First, she will introduce an algorithm-hardware co-design work, called SmartExchange, which trades higher-cost memory storage/accesses for lower-cost computations to boost energy- and latency-efficiency. Motivated by the promising efficiency achieved by SmartExchange, she and her collaborators further validated its co-designed architecture by designing an AI acceleration chip prototype, which minimizes both the chip area and control overhead. To demonstrate the real-world advantages of the above SmartExchange architecture and its chip prototype, they developed i-FlatCam, a first-of-its-kind real-time eye-tracking system towards next-generation VR/AR devices, where we leverage the application-level opportunities to reduce both spatial and temporal redundancy. After that, they went beyond to build a scaled-up eye-tracking system, called EyeCoD, which targets a more general eye-tracking solution at the cost of marginally increased chip area as compared with i-FlatCams. Finally, she will conclude her talk with exciting future directions.
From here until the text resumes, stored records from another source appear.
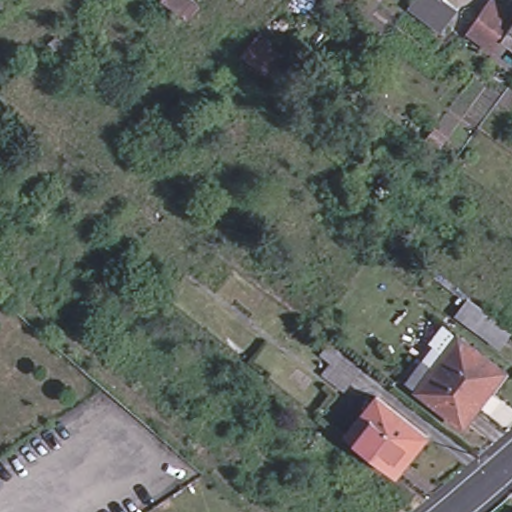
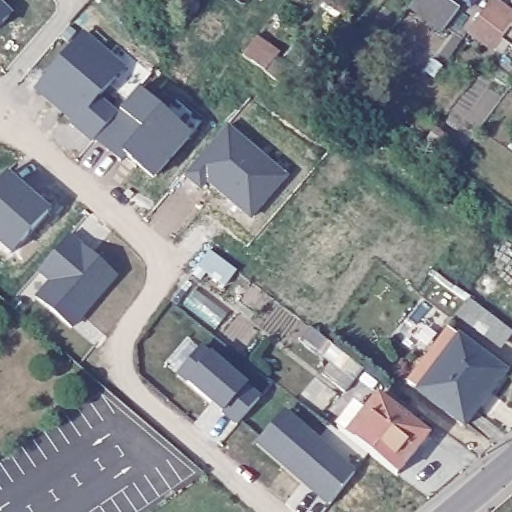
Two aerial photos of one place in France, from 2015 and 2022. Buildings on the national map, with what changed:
new [(14,10),(0,25),(0,0),(3,0),(14,10)]
unchanged [(199,6),(190,17),(189,18),(164,0),(191,0),(199,6)]
unchanged [(410,0),(411,0),(454,0),(458,3),(443,24),(410,0)]
unchanged [(499,39),(495,44),(469,24),(470,22),(486,0),(500,0),(512,9),(512,44),(501,36),(499,39)]
new [(73,122),(75,120),(62,108),(63,106),(57,99),(55,102),(43,93),(48,76),(85,34),(122,68),(96,98),(115,115),(94,140),(73,122)]
new [(120,160),(95,138),(140,87),(137,91),(188,136),(155,174),(128,150),(125,154),(120,160)]
new [(229,122),(290,175),(252,219),(207,181),(200,189),(185,174),(229,122)]
new [(152,178),(125,154),(128,150),(155,174),(152,178)]
new [(9,170),(50,206),(12,252),(0,241),(0,179),(9,170)]
new [(115,276),(82,315),(77,312),(68,323),(37,298),(52,281),(40,270),(70,236),(115,276)]
new [(208,248),(235,268),(225,283),(198,263),(208,248)]
unchanged [(470,298),(512,329),(512,333),(500,350),(457,317),(470,298)]
unchanged [(472,401),(478,405),(463,424),(411,384),(407,381),(423,359),(427,361),(434,367),(458,335),(498,366),(472,401)]
unchanged [(362,366),(345,388),(322,370),(330,360),(320,352),(330,340),(362,366)]
new [(258,397),(237,423),(179,374),(200,349),(258,397)]
unchanged [(367,451),(345,434),(375,394),(400,412),(425,433),(395,473),(367,451)]
new [(355,473),(332,505),(313,491),(317,485),(305,476),(302,480),(259,443),(285,412),(355,473)]

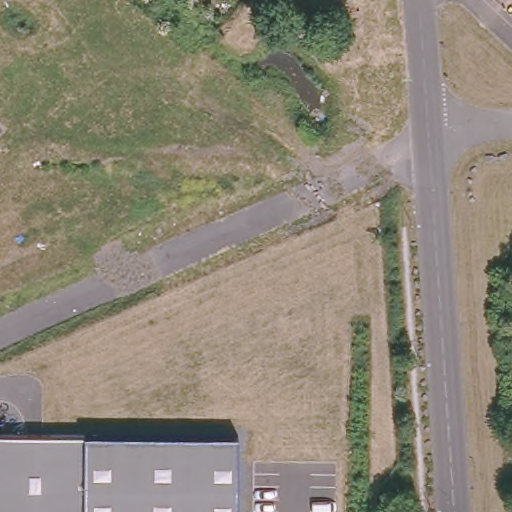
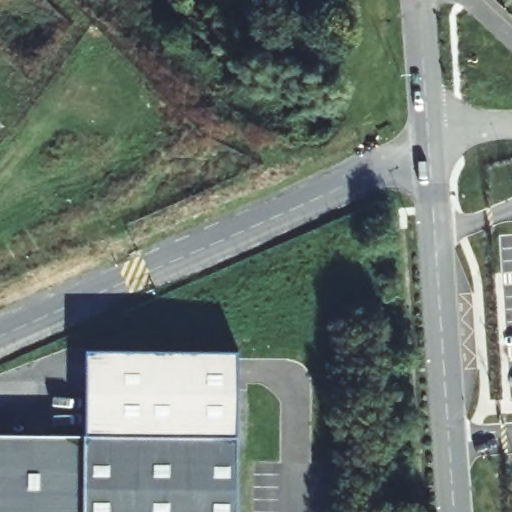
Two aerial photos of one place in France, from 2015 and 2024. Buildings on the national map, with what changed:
new [(87,349),(238,351),(237,437),(87,434),(87,349)]
unchanged [(236,512),(0,512),(0,434),(80,434),(237,437),(236,512)]

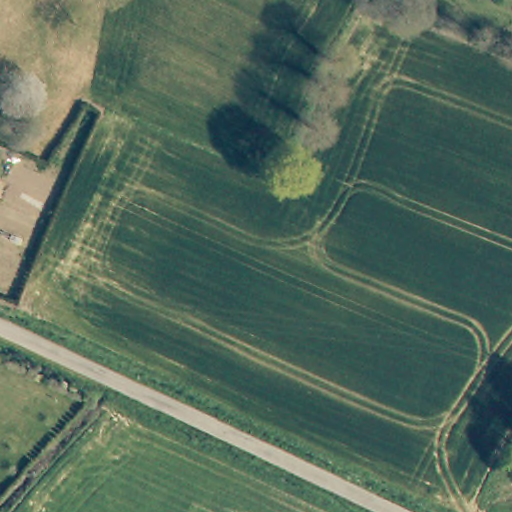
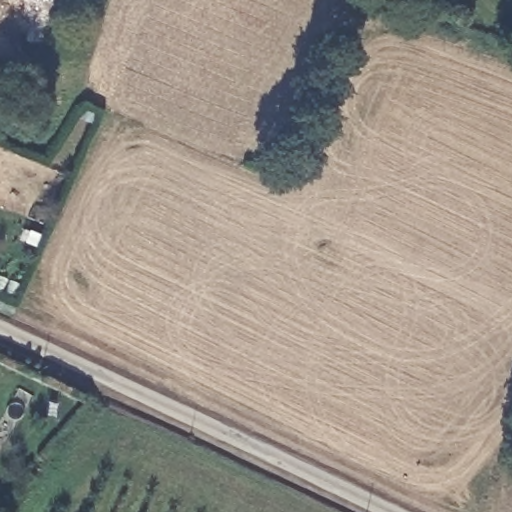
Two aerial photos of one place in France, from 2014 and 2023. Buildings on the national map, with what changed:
[]

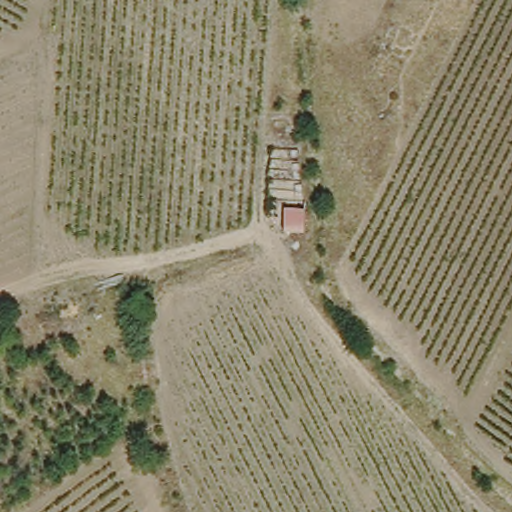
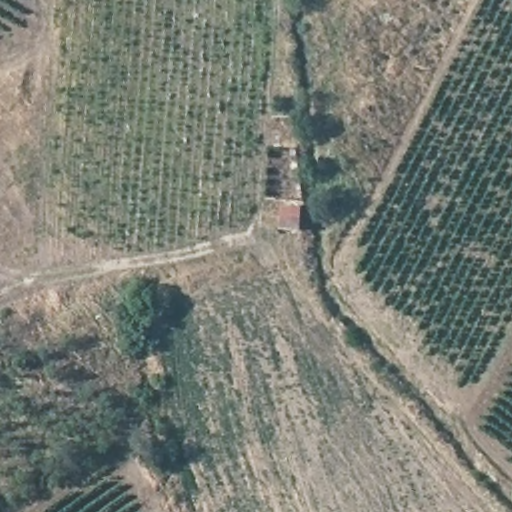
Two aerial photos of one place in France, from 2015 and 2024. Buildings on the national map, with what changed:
unchanged [(294,209),(302,227),(289,232),(282,215),(294,209)]

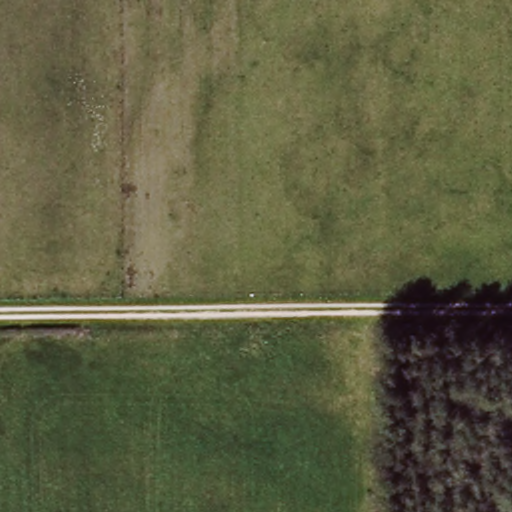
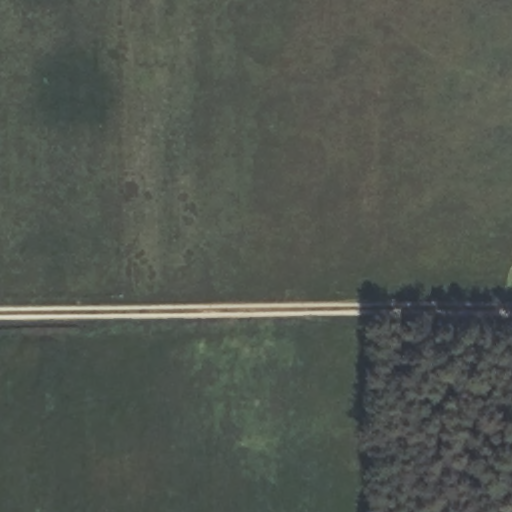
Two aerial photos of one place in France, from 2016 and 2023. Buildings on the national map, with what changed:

Yang (Katie) Zhao is an assistant professor in the Department of Electrical and Computer Engineering at the University of Minnesota, Twin Cities. Katie obtained her Ph.D. degree from Rice University in 2022. Her research expertise spans both computer architecture and domain-specific acceleration chip designs, with her research interest centering around enabling AI-powered intelligent functionalities on resource-constrained edge devices through a holistic solution from efficient architectures, to chips, and to integrated systems. Her research has earned multiple distinctions, including  IEEE Micro’s Top Picks of 2023, 1st place demonstration at the 32nd ACM SIGDA University Demonstration at DAC 2022, and the 2023 Ralph Budd Award for Best Thesis in the School of Engineering, Rice University.